For decades Israel’s theft of Palestinian land and pogroms against Palestinians have proceeded with the collusion of settlers, politicians, the Israeli public, the Israeli military, and the US foreign policy establishment. The barbarity of Israel’s war on Gaza is nothing new.

With revelations that prisoners of war and even civilians face summary execution (which also occurred during the 1948 Nakba) as well as torture, murder and rape in detention, Israel’s claims ring hollow that it has the “most moral army in the world.” Thousands of social media posts by IDF soldiers have documented Israel’s many war crimes, from looting to heinous crimes against humanity. I sincerely hope these are being collected as evidence in a future war crimes trial.

We are told that Israel “has a right to defend itself” and that any response to “terrorism” is justified. But what of the terror of 1948 that created Israel? And if we are discussing terrorism we should not forget that no one does terrorism as well as a state with an air force, nuclear weapons, and unlimited munitions from a friendly imperialist benefactor. If Hamas is a terrorist organization after killing 1,000 people and destroying a few kibbutzim and military posts, then what is a nation that slaughtered forty times that number, terrorized and destroyed an entire enclave?

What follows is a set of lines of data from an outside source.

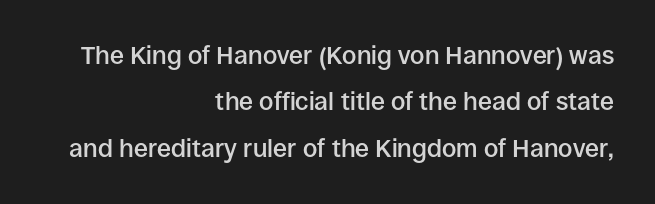
Q: Is the text bold? A: Semi-bold.
Q: Is the text italic (slanted)? A: No, it is upright.
Q: Is the text underlined? A: No.
Q: How is the paragraph aligned? A: Right-aligned.
Q: Is the spacing between letters normal or unusually wide? A: Normal.
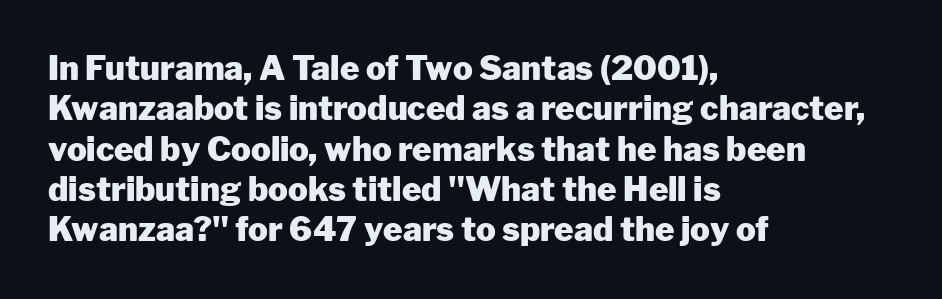
The image shows 33 px heavy sans-serif type, upright; set left-aligned, line spacing 1.22x, normal letter spacing, not underlined; low stroke contrast and a medium x-height.
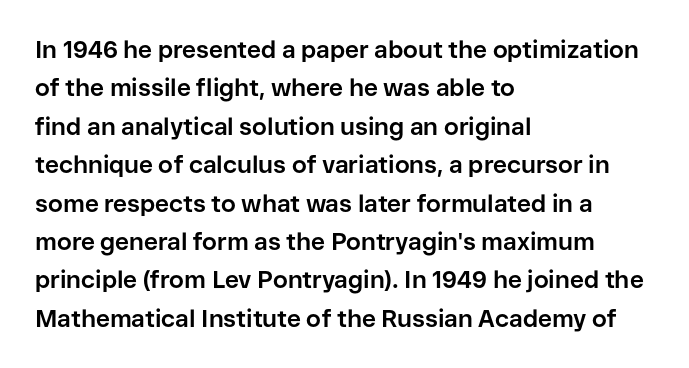
Q: Is the text bold? A: Yes.
Q: Is the text italic (slanted)? A: No, it is upright.
Q: Is the text underlined? A: No.
Q: How is the paragraph aligned? A: Left-aligned.
Q: Is the spacing between letters normal or unusually wide? A: Normal.
Q: Is the spacing between lines tight, normal or loose? A: Normal.
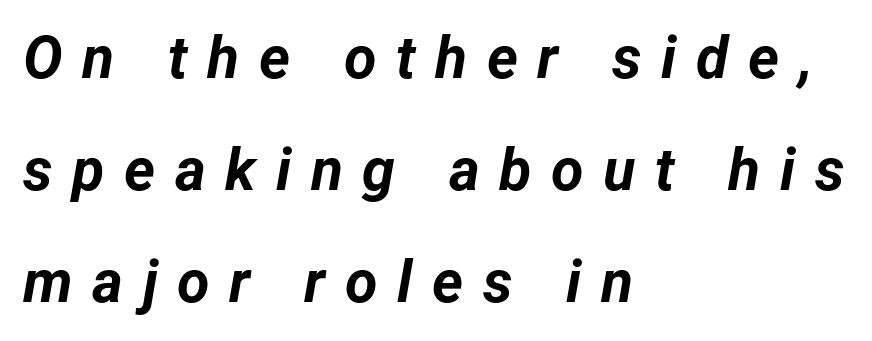
The image shows 59 px bold type, italic (leaning right); set left-aligned, loose line spacing (1.9x), unusually wide letter spacing (+0.33 em), not underlined; low stroke contrast and a medium x-height.
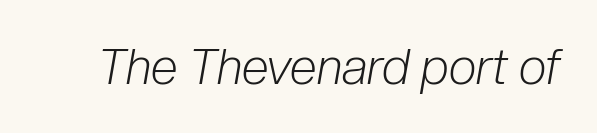
Q: Is the text bold? A: No.
Q: Is the text italic (slanted)? A: Yes, it leans right by about 10 degrees.
Q: Is the text underlined? A: No.
Q: Is the spacing between letters normal or unusually wide? A: Normal.
Q: Width (condensed, normal, or wide)? A: Condensed.
Q: Stroke contrast? A: Low.
Q: x-height? A: Medium.
Q: Monospaced? A: No.
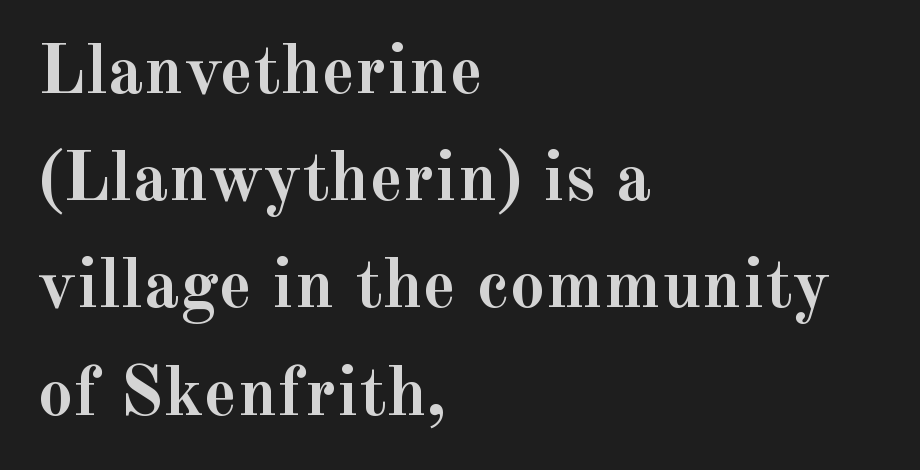
{"serif": "yes", "italic": "no", "bold": "yes", "weight": "semibold", "width": "normal", "x_height": "small", "monospaced": "no", "underline": "no", "align": "left", "line_spacing": "normal", "line_spacing_ratio": 1.51, "letter_spacing": "normal", "letter_spacing_em": 0.0, "glyph_px": 71}
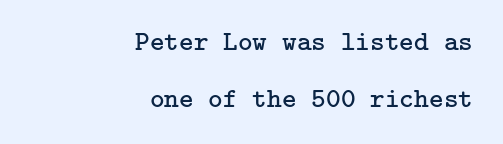
Q: Is the text bold? A: No.
Q: Is the text italic (slanted)? A: No, it is upright.
Q: Is the typeface a serif or a sans-serif typeface? A: Serif.
Q: Is the text underlined? A: No.
Q: How is the paragraph aligned? A: Right-aligned.
Q: Is the spacing between letters normal or unusually wide? A: Normal.
Q: Is the spacing between lines tight, normal or loose? A: Loose.
Q: Width (condensed, normal, or wide)? A: Normal.
Q: Stroke contrast? A: Low.
Q: x-height? A: Medium.

There’s no other word for it. Israel is a terrorist state.

After international institutions like the United Nations, the International Criminal Court, and the International Court of Justice condemned Israel’s war crimes, and the ICJ ruled that charges of genocide leveled by South Africa at Israel were credible, the United States and its Western imperial partners showed their contempt for the so-called “rules-based order” — the thin veneer of “civilization” they hide behind when not providing arms and diplomatic for friendly repressive regimes. It is nauseating to see a Biden, a Macron, or a von der Leyen supporting Israel, Egypt, Saudi Arabia, or the Philippines as if they did not deserve the status of international pariahs. It turns out that the “rules-based order” involves absolutely no respect for international law but simply follows the law of the jungle.

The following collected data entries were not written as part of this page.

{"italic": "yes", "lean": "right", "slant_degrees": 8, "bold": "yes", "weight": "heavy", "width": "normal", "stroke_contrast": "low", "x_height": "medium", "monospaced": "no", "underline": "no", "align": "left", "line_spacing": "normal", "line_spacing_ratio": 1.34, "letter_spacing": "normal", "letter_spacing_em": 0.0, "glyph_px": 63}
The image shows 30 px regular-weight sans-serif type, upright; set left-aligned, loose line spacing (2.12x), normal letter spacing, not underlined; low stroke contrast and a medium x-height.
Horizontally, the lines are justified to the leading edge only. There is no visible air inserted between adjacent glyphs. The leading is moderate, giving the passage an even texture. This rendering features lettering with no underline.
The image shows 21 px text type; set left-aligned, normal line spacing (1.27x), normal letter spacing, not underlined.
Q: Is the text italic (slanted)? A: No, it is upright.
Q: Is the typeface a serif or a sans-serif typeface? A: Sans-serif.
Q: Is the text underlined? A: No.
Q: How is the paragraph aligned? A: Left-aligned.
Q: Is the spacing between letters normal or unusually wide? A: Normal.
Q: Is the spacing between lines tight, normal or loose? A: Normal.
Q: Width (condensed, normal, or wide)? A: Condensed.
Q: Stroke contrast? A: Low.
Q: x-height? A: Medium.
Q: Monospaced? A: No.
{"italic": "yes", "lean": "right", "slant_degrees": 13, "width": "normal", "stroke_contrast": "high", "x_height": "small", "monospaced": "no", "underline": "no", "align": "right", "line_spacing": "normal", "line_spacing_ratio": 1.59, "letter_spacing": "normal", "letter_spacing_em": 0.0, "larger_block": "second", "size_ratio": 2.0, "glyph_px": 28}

Joining Republicans in mocking the rule of law as something only for suckers, rubes and peons, Democrats screamed a loud Fuck You! to international conventions on cluster munitions and domestic laws, including the Leahy Law and the Magnitsky Act, which forbid military aid to human rights abusers. Democrats, who frequently accede to demands to dismantle or defund social programs, went on a veritable bomb-buying spree, shelling out billions for [internationally prohibited] cluster munitions for Ukraine, jets and munitions for Taiwan, and 2000-pound neighborhood-leveling bombs with which Israel has inflicted so much carnage and damage to civilian infrastructure in Gaza.

Both American political parties went on to reject the ICJ’s determination of genocide by Israel, defund the United Nations refugee program, reiterate their objections to the International Criminal Court’s mandate to indict war criminals, and to promise that, if Netanyahu and Gallant were ever indicted, the U.S. would continue to thumb its nose at international law.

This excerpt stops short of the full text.